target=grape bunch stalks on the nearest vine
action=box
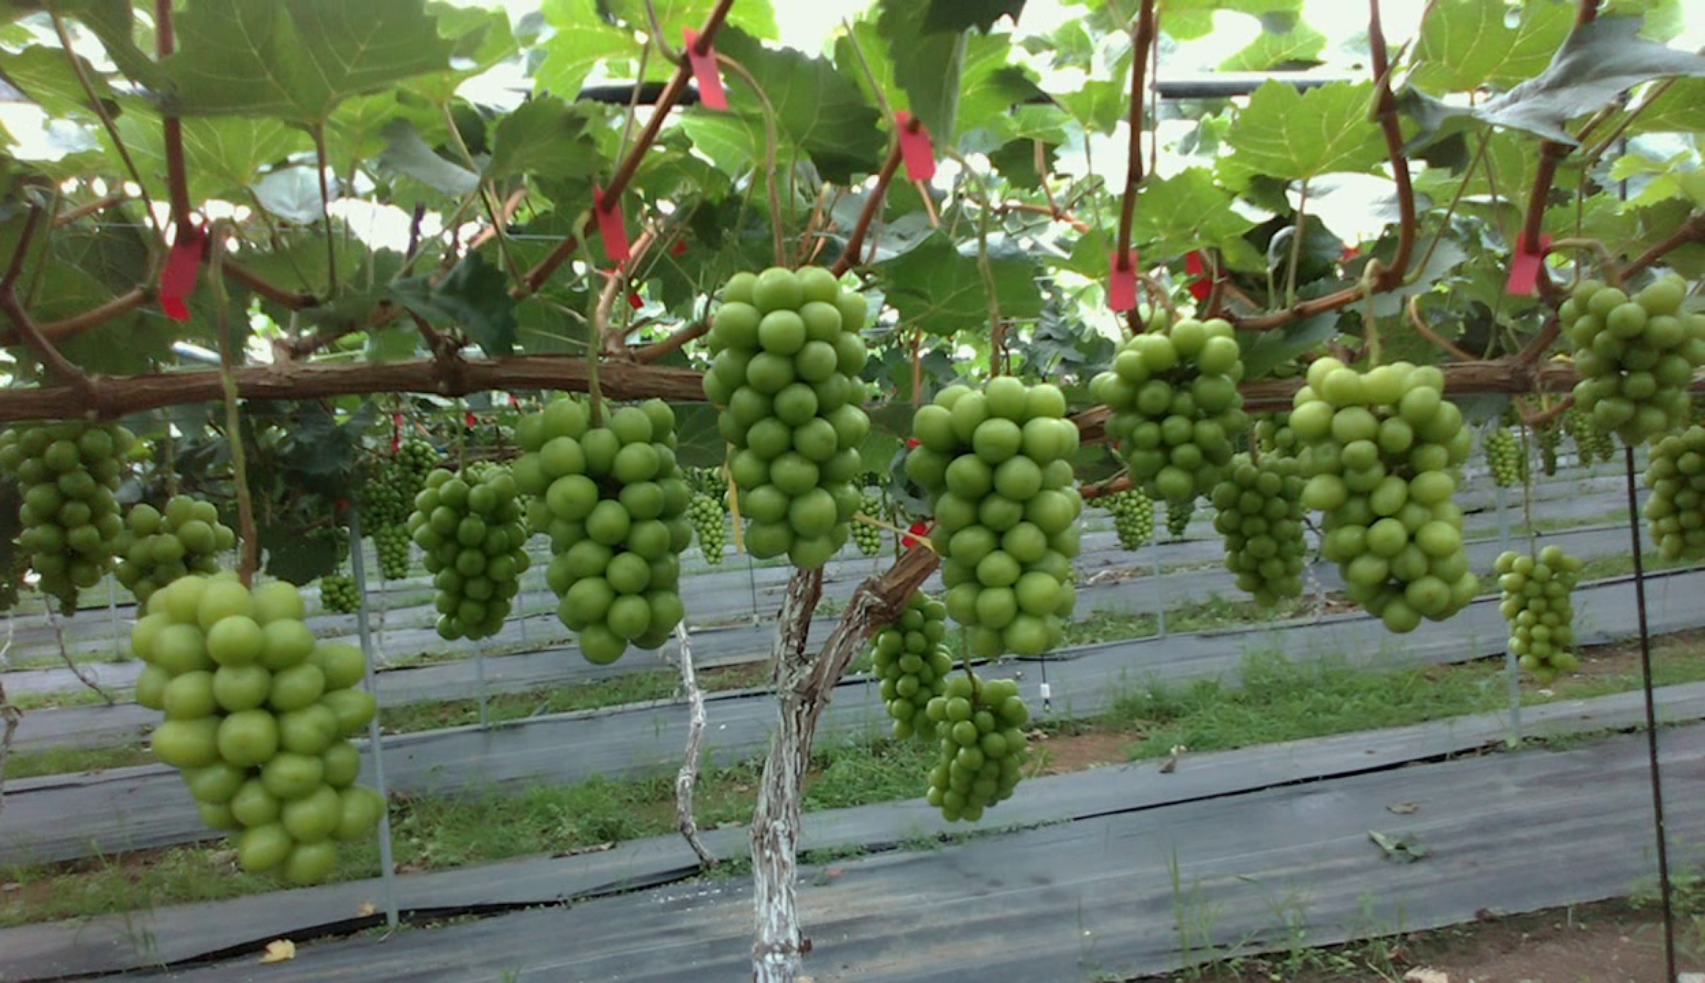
[1551,238,1622,285]
[1353,255,1380,365]
[574,210,604,426]
[951,149,999,374]
[208,217,257,587]
[1138,273,1172,333]
[724,57,786,268]
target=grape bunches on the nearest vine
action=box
[1556,274,1704,446]
[508,399,695,666]
[1290,358,1478,635]
[702,266,870,572]
[906,375,1082,658]
[131,572,385,883]
[1089,317,1249,502]
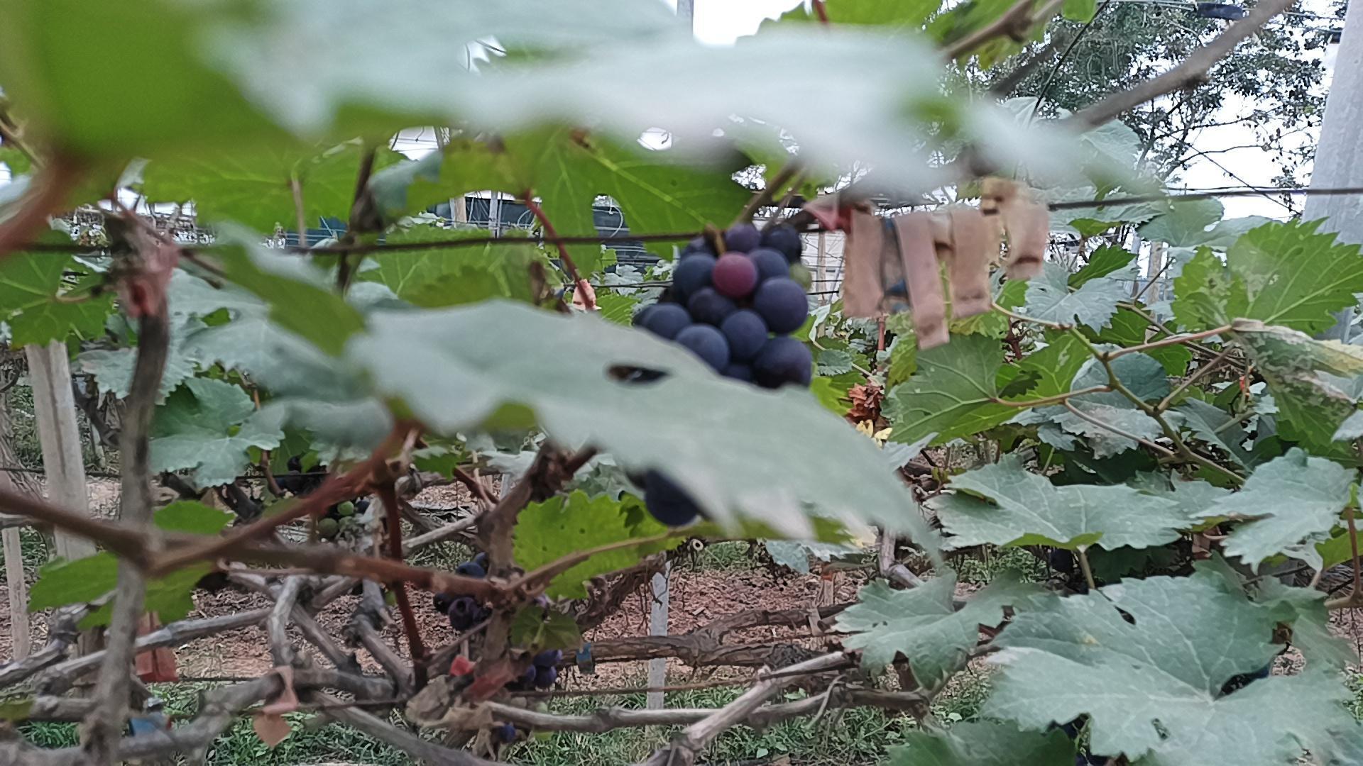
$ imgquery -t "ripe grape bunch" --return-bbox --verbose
[617,224,811,529]
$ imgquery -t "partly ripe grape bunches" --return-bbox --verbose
[433,552,562,745]
[268,452,376,539]
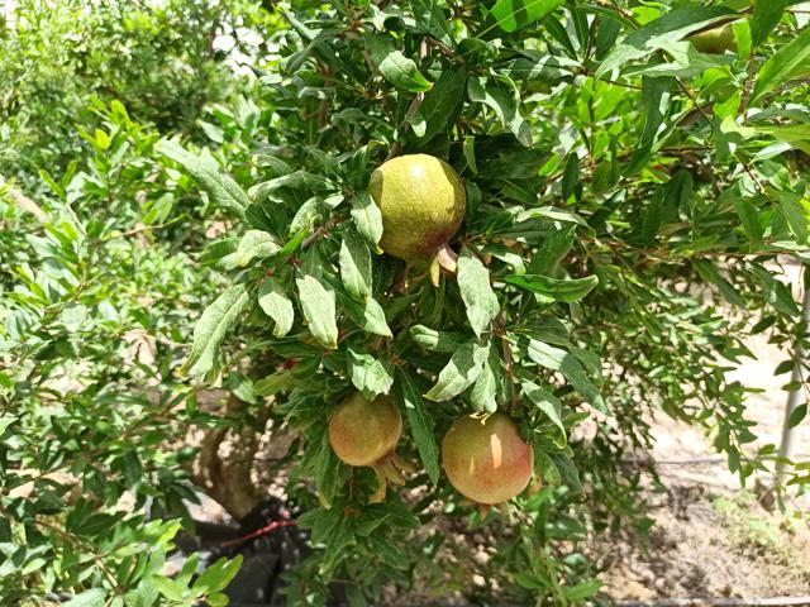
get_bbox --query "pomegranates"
[329,392,418,500]
[442,411,533,522]
[366,153,467,288]
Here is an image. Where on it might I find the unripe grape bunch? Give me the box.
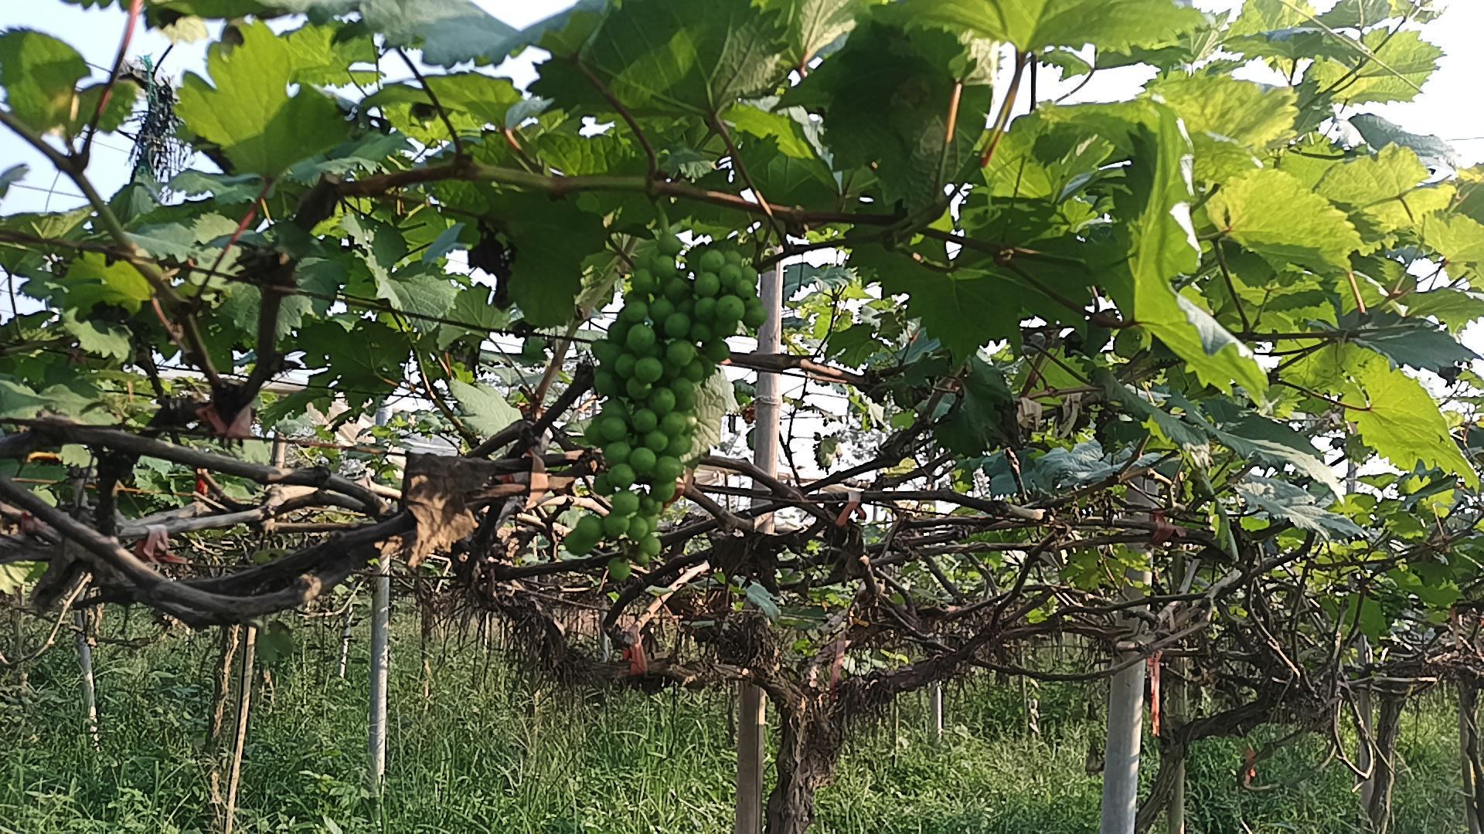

+===+

**Work to be completed:** All lines that include the word "target" must be copied from the material above.

**Written answer:**
target=grape bunch stalks on the nearest vine
target=grape bunches on the nearest vine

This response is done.